第4章 ◆例の部屋(鶴丸国永)
「……なあ、主」
明らかに声色が変わった鶴丸に、主は肩を揺らした。
鶴丸はおそるおそる彼女の肩に手を近づけていき、覚悟を決めて抱き寄せる。
「きゃっ…!」
驚いて縦に揺れた彼女だか、意外と強い力で肩を抱いてくる鶴丸に抗えず、心臓が鳴り響くままに硬直していた。
「…俺とじゃそんなに嫌か? 」
「………そ、その…嫌ってわけじゃなくて…」
「なら、してもいいだろ?」
「ちょ、ちょ、待っ…」
「すればここから出られる」
「…う…うぅぅー…」
声を徐々に甘くして説得してくる鶴丸に、固く目を閉じ、亀のように首をすぼめる主。
鶴丸はこの腹の探り合いのような空気に興奮が止まらず、彼女のことは完全に性的な目で見始めていた。
彼女の髪の香りも、柔らかい肩も、目線の下にすぐ見える胸の膨らみも、今まで意識せずにいたのに全てが感性に触れる。
「な? 主。
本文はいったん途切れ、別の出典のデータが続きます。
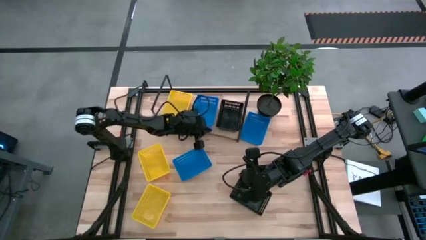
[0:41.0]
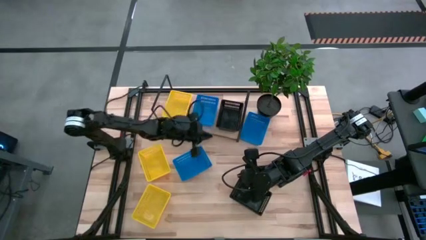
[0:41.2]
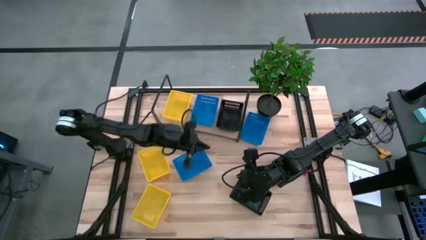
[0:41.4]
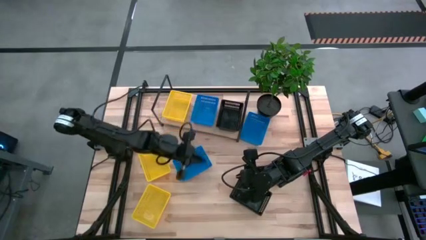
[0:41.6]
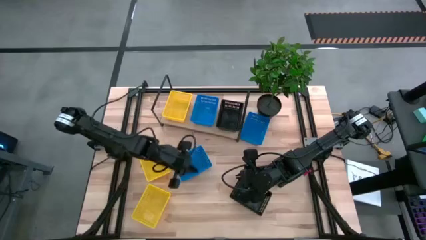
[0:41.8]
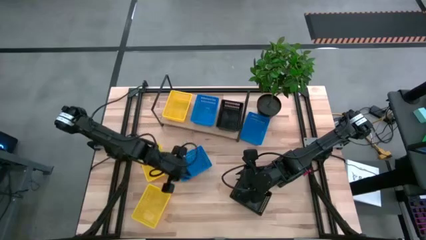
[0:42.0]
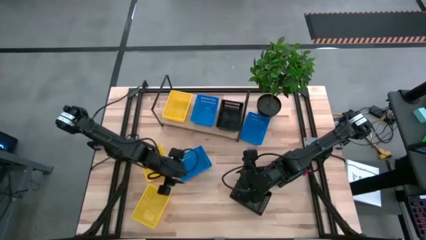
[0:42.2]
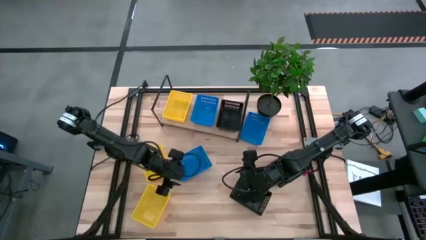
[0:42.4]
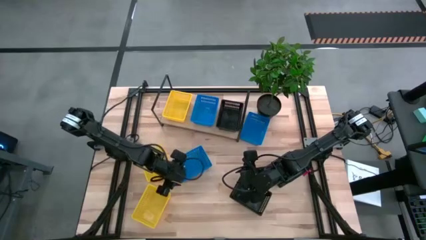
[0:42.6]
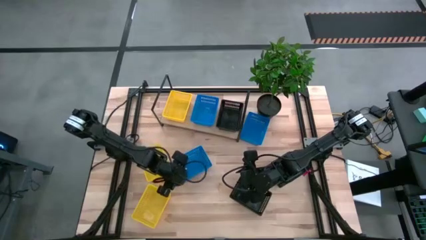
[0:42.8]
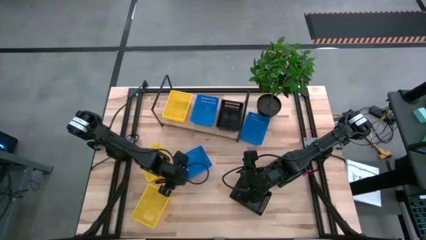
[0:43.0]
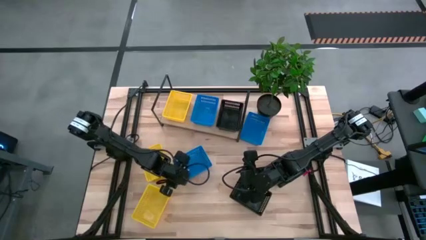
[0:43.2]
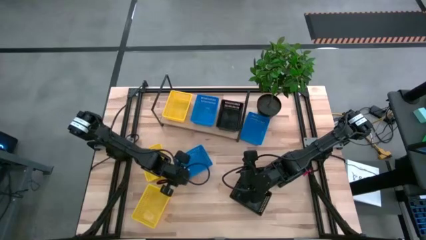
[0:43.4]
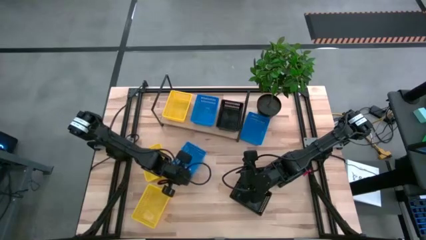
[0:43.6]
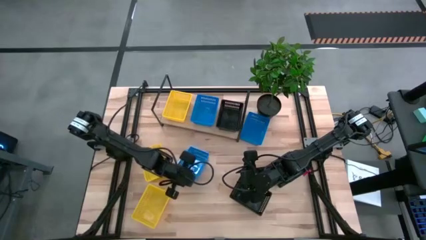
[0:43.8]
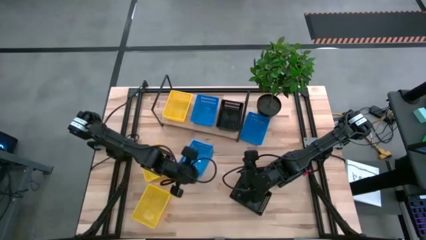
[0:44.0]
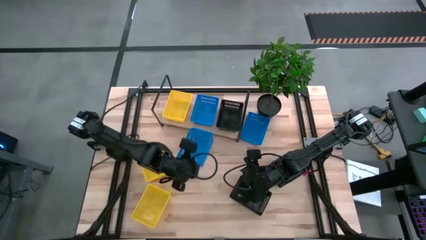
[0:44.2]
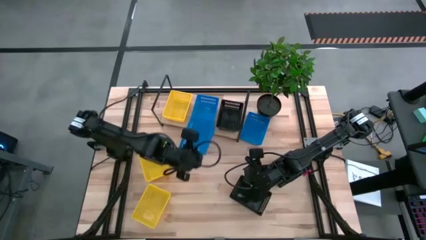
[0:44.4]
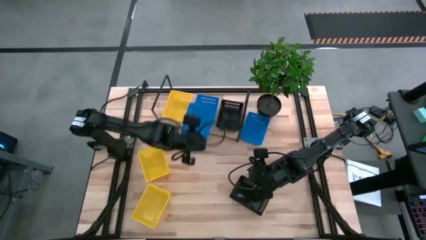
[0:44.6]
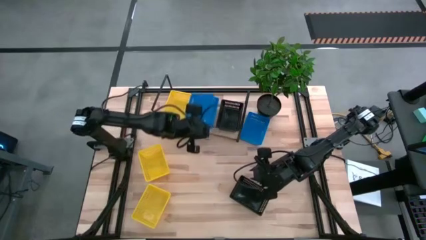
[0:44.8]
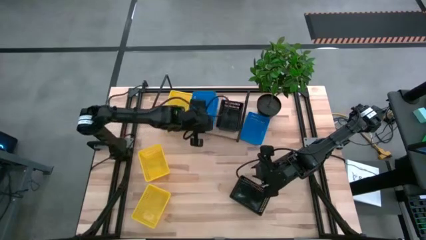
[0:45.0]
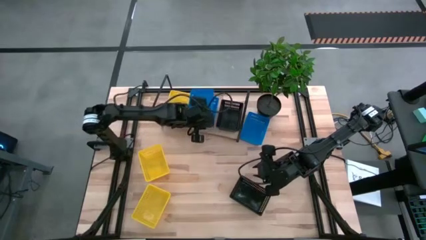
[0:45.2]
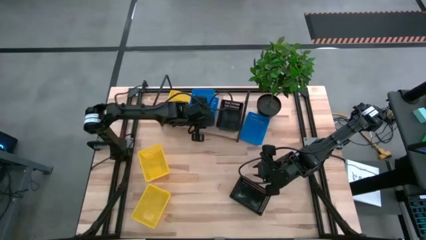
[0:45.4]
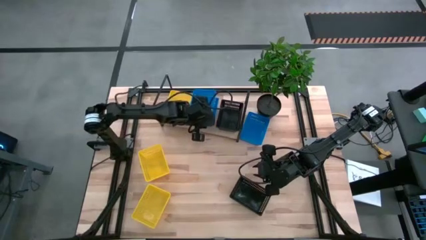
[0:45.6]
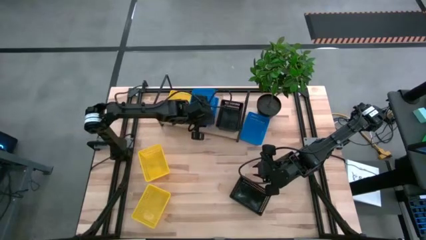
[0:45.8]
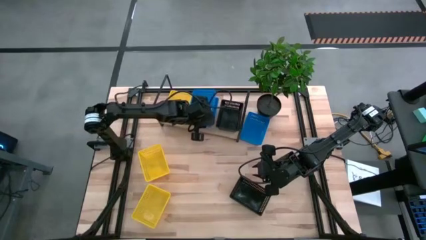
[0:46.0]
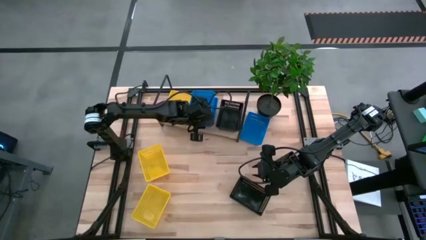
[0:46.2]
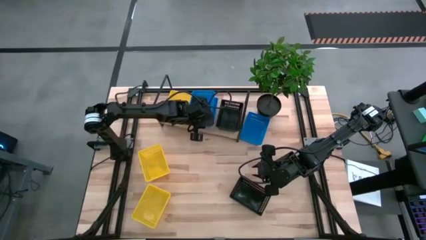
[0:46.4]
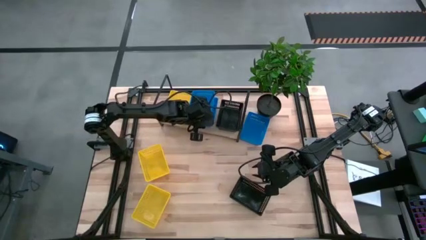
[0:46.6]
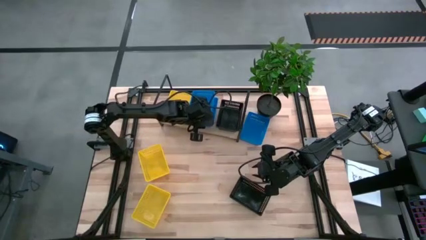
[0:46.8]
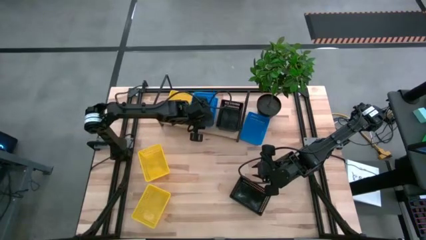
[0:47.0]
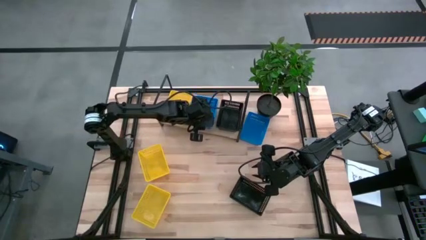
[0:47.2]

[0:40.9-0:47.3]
Stack the bottom blue basket on top of the other blue basket on the shelf

どうする」
追い込むように耳元で囁き、彼はなんとか許可をとろうと必死になった。
彼女は、ついに鶴丸の押しに負け、鼻をすすりながら彼の胸の中に顔を押し付け、
「……分かりましたよぉ…もうヤだぁ…ほんとに優しくしてくださいねぇ…」
と涙声で折れた。
鶴丸はキュンとしながら、“よし!”と心の中でガッツポーズをした。